Have you ever referred a client to a trusted attorney? The attorney’s initial response is almost always the same: “Thank you very much, I appreciate the referral but I will need to run a conflict check before I can proceed.” Our legal system mandates that attorneys identify and disclose any conflicting interests they, or their law firm, may have between clients. Attorneys have a fiduciary relationship with their clients. They can find themselves in serious legal trouble by failing to research and disclose conflicts of interest.
Real estate agents also owe a fiduciary obligation to their clients. However, unlike the attorney example, their first reaction at the prospect of a new client is not to research a conflict check. They appreciate the referral, sometimes pay a referral fee, and move on to consummate the transaction and collect a commission. Often, there is no discussion surrounding the serious conflicting interests that occur when real estate brokerages represent both landlords and tenants
“Currently most commercial real estate firms, including the large national organizations, represent both landlords and tenants. They are referred to as dual-agency firms,” says Robert Chavez, founder and CEO of Guardian Commercial Realty. “While these firms actively market their services to tenants, the majority of their representation and upwards of 80 percent of their revenues come from landlord representation. This equates to billions of dollars annually. One has to wonder how a dual-agency firm can offer the highest standard of duty implied by law to both landlords and tenants — or sellers and buyers — when the interests of landlords and tenants are so diametrically opposed and such an enormous economic bias lies with the property owner.”
Smart Business learned more form Chavez about how tenants can find a real estate agent that will act with their best interests at heart.
Why the difference in behavior between the legal and brokerage communities regarding conflicts of interest?
Let’s start with the roots. Commercial real estate brokerage was founded in the late 1800s to facilitate property owners with the sale and leasing of buildings, property management, and other advisory services tailored to the property owner or landlord. The higher the lease rate or sales price, the higher the commission — so this relationship has worked very well for both the landlord and its broker over the years. Obviously the scenario does not bode so well for tenants and buyers.
How does this create a problem for tenants selecting a broker?

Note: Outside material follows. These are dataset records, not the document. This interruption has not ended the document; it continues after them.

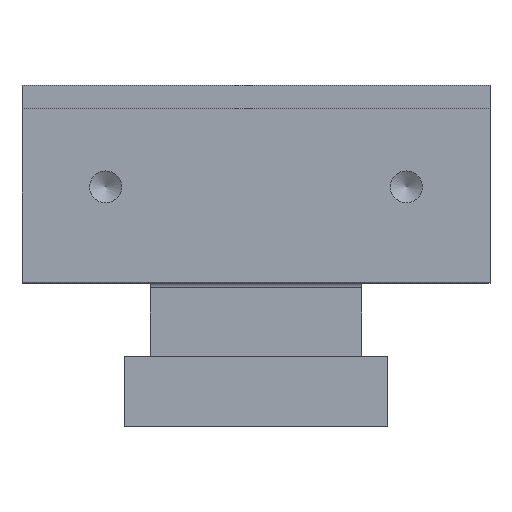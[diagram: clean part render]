
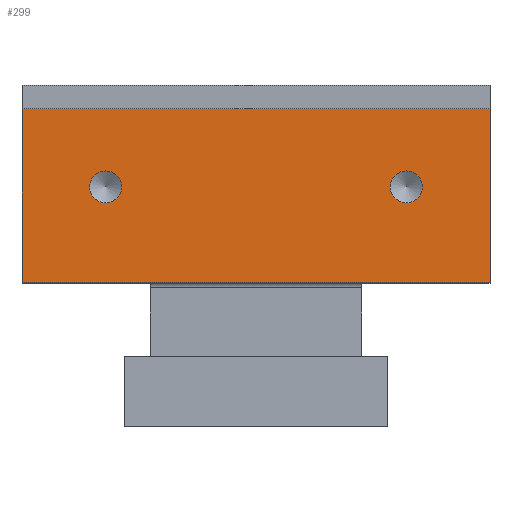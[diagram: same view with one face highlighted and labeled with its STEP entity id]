
A CAD part, front view. The second image highlights one B-rep face of the part: STEP entity #299.
In plain terms, the highlighted planar face has unit normal (0, -1, 0).
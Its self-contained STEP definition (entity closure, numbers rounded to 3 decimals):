
#299 = ADVANCED_FACE( '', ( #650, #651, #652 ), #653, .T. );
#650 = FACE_BOUND( '', #1111, .T. );
#651 = FACE_BOUND( '', #1112, .T. );
#652 = FACE_OUTER_BOUND( '', #1113, .T. );
#653 = PLANE( '', #1114 );
#1111 = EDGE_LOOP( '', ( #1681 ) );
#1112 = EDGE_LOOP( '', ( #1682 ) );
#1113 = EDGE_LOOP( '', ( #1683, #1684, #1685, #1686 ) );
#1114 = AXIS2_PLACEMENT_3D( '', #1687, #1688, #1689 );
#1681 = ORIENTED_EDGE( '', *, *, #2297, .T. );
#1682 = ORIENTED_EDGE( '', *, *, #2260, .T. );
#1683 = ORIENTED_EDGE( '', *, *, #2331, .T. );
#1684 = ORIENTED_EDGE( '', *, *, #2240, .T. );
#1685 = ORIENTED_EDGE( '', *, *, #2332, .F. );
#1686 = ORIENTED_EDGE( '', *, *, #2208, .F. );
#1687 = CARTESIAN_POINT( '', ( 49.8, -1., 14.5 ) );
#1688 = DIRECTION( '', ( 0., -1., 0. ) );
#1689 = DIRECTION( '', ( 0., 0., -1. ) );
#2208 = EDGE_CURVE( '', #2496, #2498, #2499, .T. );
#2240 = EDGE_CURVE( '', #2554, #2551, #2555, .T. );
#2260 = EDGE_CURVE( '', #2585, #2585, #2586, .T. );
#2297 = EDGE_CURVE( '', #2642, #2642, #2643, .T. );
#2331 = EDGE_CURVE( '', #2496, #2554, #2690, .T. );
#2332 = EDGE_CURVE( '', #2498, #2551, #2691, .T. );
#2496 = VERTEX_POINT( '', #2911 );
#2498 = VERTEX_POINT( '', #2913 );
#2499 = LINE( '', #2914, #2915 );
#2551 = VERTEX_POINT( '', #2982 );
#2554 = VERTEX_POINT( '', #2986 );
#2555 = LINE( '', #2987, #2988 );
#2585 = VERTEX_POINT( '', #3025 );
#2586 = CIRCLE( '', #3026, 3.4 );
#2642 = VERTEX_POINT( '', #3090 );
#2643 = CIRCLE( '', #3091, 3.4 );
#2690 = LINE( '', #3140, #3141 );
#2691 = LINE( '', #3142, #3143 );
#2911 = CARTESIAN_POINT( '', ( 49.8, -1., 15.75 ) );
#2913 = CARTESIAN_POINT( '', ( -49.8, -1., 15.75 ) );
#2914 = CARTESIAN_POINT( '', ( 49.8, -1., 15.75 ) );
#2915 = VECTOR( '', #3394, 1000. );
#2982 = CARTESIAN_POINT( '', ( -49.8, -1., 52.6 ) );
#2986 = CARTESIAN_POINT( '', ( 49.8, -1., 52.6 ) );
#2987 = CARTESIAN_POINT( '', ( 49.8, -1., 52.6 ) );
#2988 = VECTOR( '', #3435, 1000. );
#3025 = CARTESIAN_POINT( '', ( -32., -1., 32.6 ) );
#3026 = AXIS2_PLACEMENT_3D( '', #3461, #3462, #3463 );
#3090 = CARTESIAN_POINT( '', ( 32., -1., 32.6 ) );
#3091 = AXIS2_PLACEMENT_3D( '', #3517, #3518, #3519 );
#3140 = CARTESIAN_POINT( '', ( 49.8, -1., 14.5 ) );
#3141 = VECTOR( '', #3567, 1000. );
#3142 = CARTESIAN_POINT( '', ( -49.8, -1., 14.5 ) );
#3143 = VECTOR( '', #3568, 1000. );
#3394 = DIRECTION( '', ( -1., 0., 0. ) );
#3435 = DIRECTION( '', ( -1., 0., 0. ) );
#3461 = CARTESIAN_POINT( '', ( -32., -1., 36. ) );
#3462 = DIRECTION( '', ( 0., 1., 0. ) );
#3463 = DIRECTION( '', ( 0., 0., -1. ) );
#3517 = CARTESIAN_POINT( '', ( 32., -1., 36. ) );
#3518 = DIRECTION( '', ( 0., 1., 0. ) );
#3519 = DIRECTION( '', ( 0., 0., -1. ) );
#3567 = DIRECTION( '', ( 0., 0., 1. ) );
#3568 = DIRECTION( '', ( 0., 0., 1. ) );

On one hand, dual agency firms pledge to property owners that they will negotiate and secure the highest rental rate or sales price with minimal concessions to a tenant or buyer. On the other hand, the same firm pledges to a tenant or buyer that it will negotiate the lowest possible rent or sales price and highest concession packages. This is just the tip of the iceberg, as there is much to negotiate with regard to mitigating risk, operating expenses, tax responsibilities, etc. Given the standard of care mandated by a fiduciary relationship, it is surprising that this scenario even exists.
Add to the mix that the nation’s largest dual agency firms are publicly traded. They are under tremendous pressure from Wall Street to show profits. When they do not, stock values generally plummet. Many of the agents also have retirement savings tied to the value of their companies stock. Now consider that much of the firms’ revenue come from commissions, and commissions are only paid once transactions culminate. This creates an environment where an agent can be pressured to conclude a transaction before negotiations have matured. Not exactly what the framers of fiduciary duty had in mind.
Do these dual agency firms acknowledge the conflict of interest?
The dual agency firms are certainly aware of this potential for conflict. One firm has even published in its annual report that ‘the failure or inability of the Firm to identify, disclose and resolve potential conflicts of interest in a significant situation could have a material adverse effect.’ Dual agency firms claim to compartmentalize their practice groups so as to act independently and avoid or minimize conflicts. Notwithstanding, their profits all flow to the same corporate entity for review and consideration by Wall Street.
So how does a commercial tenant or buyer of commercial real estate seeking expert assistance select a broker that will represent its best interests?
Real estate contracts are among the most expensive and long-term commitments most tenants will ever make. One mistake in this arena can cripple an organization for many years to come. Fortunately for the tenant or buyer, commercial brokerage firms known as ‘exclusive tenant brokerages’ have evolved. These firms distinguish themselves from their industry counterparts by electing not to lease, manage or own commercial real estate. True tenant brokerages only represent parties seeking to lease or purchase real estate for their own use. They develop specialty practices and focus their scope of services toward representing their clients’ best interest and never wear two hats.
Astute tenants take their diligence a step further and make certain to interview several tenant brokerages. They are boutique entities with many subtle and material differences. It is important to understand their area of expertise and know if the broker working on your account has the experience and time to professionally service your specific needs.